In essence, unlike today's network, where the internet layer uses reasonably uniform routing techniques throughout and crafts traffic engineering/multihoming solutions from the same tools everywhere, the network would be partitioned, with the edge and core using different techniques to achieve the required traffic engineering.

Observation 4: Adopting multiple different solutions to the multihoming/traffic enginering problems at different places in the network is likely to lead to interactions between the solutions.

One area of interaction that I can see is the need to extract information from inner headers in core routers to correctly execute ECMP and other classification schemes if a form of encapsulation is used. This will increase the processing and memory bandwidth burden on core routers, particularly during the transition.

Observation 5: Disguising a problem rather than solving it will likely lead to needing a more complex solution in the future.

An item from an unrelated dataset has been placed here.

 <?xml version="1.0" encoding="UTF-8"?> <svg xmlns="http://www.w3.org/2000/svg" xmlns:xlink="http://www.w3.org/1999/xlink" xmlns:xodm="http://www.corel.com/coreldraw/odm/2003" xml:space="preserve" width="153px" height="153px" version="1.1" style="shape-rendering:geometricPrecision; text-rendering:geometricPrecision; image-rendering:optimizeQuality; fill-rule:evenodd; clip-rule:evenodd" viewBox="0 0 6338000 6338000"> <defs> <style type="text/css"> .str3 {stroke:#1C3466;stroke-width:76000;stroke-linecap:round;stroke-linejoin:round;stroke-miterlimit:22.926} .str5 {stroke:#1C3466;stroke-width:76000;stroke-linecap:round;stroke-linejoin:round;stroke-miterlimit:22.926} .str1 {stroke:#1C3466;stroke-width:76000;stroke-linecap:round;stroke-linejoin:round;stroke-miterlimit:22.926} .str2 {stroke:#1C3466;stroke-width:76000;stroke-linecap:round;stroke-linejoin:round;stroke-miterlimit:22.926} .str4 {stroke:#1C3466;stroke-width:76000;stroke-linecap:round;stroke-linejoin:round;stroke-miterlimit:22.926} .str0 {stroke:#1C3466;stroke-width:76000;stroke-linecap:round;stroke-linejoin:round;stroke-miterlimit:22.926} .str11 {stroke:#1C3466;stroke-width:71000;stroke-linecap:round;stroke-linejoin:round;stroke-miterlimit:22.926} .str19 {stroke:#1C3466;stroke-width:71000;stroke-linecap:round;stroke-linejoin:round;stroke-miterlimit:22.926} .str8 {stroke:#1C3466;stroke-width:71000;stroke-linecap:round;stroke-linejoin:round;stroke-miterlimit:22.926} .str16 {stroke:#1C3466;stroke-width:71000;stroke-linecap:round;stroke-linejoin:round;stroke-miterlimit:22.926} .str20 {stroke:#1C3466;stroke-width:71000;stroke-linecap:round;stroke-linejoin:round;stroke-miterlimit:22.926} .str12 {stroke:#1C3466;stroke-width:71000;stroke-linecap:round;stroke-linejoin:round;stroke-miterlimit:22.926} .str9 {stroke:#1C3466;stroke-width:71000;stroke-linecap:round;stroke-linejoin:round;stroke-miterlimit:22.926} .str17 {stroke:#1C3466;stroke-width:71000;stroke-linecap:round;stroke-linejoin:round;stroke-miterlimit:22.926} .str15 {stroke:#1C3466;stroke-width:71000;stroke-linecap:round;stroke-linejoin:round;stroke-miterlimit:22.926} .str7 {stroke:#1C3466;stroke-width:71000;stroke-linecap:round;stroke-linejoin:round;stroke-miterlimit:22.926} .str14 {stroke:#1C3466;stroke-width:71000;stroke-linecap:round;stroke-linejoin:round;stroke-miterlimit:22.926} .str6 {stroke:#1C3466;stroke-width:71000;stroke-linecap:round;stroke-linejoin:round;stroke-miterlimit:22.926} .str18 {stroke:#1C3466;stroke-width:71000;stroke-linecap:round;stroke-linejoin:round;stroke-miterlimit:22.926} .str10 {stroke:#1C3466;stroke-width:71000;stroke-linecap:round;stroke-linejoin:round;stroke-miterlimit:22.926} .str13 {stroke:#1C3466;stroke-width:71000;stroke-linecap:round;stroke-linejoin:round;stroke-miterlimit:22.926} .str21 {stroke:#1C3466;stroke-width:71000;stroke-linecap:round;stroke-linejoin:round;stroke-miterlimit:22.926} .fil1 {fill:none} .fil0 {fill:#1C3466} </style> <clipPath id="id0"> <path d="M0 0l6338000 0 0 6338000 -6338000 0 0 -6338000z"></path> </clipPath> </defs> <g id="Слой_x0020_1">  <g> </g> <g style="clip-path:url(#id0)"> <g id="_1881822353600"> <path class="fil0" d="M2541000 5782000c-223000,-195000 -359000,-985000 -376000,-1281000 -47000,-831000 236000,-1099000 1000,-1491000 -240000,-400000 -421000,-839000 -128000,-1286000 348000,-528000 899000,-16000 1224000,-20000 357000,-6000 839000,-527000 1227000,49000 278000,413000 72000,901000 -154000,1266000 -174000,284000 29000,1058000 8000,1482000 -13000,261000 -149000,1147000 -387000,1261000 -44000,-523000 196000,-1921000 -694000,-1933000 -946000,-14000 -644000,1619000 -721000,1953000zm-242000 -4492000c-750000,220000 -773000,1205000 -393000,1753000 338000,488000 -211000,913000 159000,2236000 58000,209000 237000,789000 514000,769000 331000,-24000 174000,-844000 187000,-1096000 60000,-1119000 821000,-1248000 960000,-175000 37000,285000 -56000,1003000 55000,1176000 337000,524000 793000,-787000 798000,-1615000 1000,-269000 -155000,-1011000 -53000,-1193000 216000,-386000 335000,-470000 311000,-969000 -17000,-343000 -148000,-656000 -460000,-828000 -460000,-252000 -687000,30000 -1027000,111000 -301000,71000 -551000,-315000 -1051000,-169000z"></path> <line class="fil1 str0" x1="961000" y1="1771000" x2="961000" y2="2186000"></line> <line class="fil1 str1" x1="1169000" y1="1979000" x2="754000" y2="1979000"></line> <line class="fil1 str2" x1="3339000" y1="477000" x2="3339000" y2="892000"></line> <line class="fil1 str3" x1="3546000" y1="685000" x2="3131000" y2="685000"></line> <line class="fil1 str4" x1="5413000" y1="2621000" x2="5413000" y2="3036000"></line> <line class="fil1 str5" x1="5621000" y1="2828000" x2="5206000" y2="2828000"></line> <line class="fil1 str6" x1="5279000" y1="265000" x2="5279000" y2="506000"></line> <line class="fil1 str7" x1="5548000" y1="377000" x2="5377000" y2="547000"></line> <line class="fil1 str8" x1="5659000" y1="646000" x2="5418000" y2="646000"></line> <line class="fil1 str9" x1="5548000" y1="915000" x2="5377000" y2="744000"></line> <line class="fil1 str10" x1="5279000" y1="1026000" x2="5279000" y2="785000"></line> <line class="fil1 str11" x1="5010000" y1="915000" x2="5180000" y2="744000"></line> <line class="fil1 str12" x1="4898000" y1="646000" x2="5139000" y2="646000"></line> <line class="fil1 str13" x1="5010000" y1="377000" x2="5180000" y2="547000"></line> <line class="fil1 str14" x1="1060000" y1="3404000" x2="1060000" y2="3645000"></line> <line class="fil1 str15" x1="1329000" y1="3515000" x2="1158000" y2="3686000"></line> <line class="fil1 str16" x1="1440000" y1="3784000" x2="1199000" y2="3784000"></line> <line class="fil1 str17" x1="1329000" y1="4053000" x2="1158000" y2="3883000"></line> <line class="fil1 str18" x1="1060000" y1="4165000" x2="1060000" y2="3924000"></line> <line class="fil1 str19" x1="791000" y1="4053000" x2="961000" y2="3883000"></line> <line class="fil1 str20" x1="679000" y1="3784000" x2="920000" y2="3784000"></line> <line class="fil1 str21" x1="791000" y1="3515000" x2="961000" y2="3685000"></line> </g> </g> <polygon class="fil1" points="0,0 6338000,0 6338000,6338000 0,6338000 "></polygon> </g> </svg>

There is a significant risk that network growth and increases in core connectivity will lead to the routing table size problem reasserting itself due to the use of complex traffic engineering. The problem would thus be postponed rather than solved, and the result might be the need to combine solutions rather than using a common one.

Conclusion:
===========
Whilst it is highly likely that the id/loc split is a good idea, we shouldn't assume that it is a panacea for the multiple path problem. A uniform routing solution which manages the existence of multiple paths may well constrain the growth of the routing tables better than multiple partial solutions and provide a solution to the multihoming aspects of the core and edge problems.

In the longer term we need to look at the assumptions of the network model we are using and determine if we can modify them to make the multiple path problem more tractable.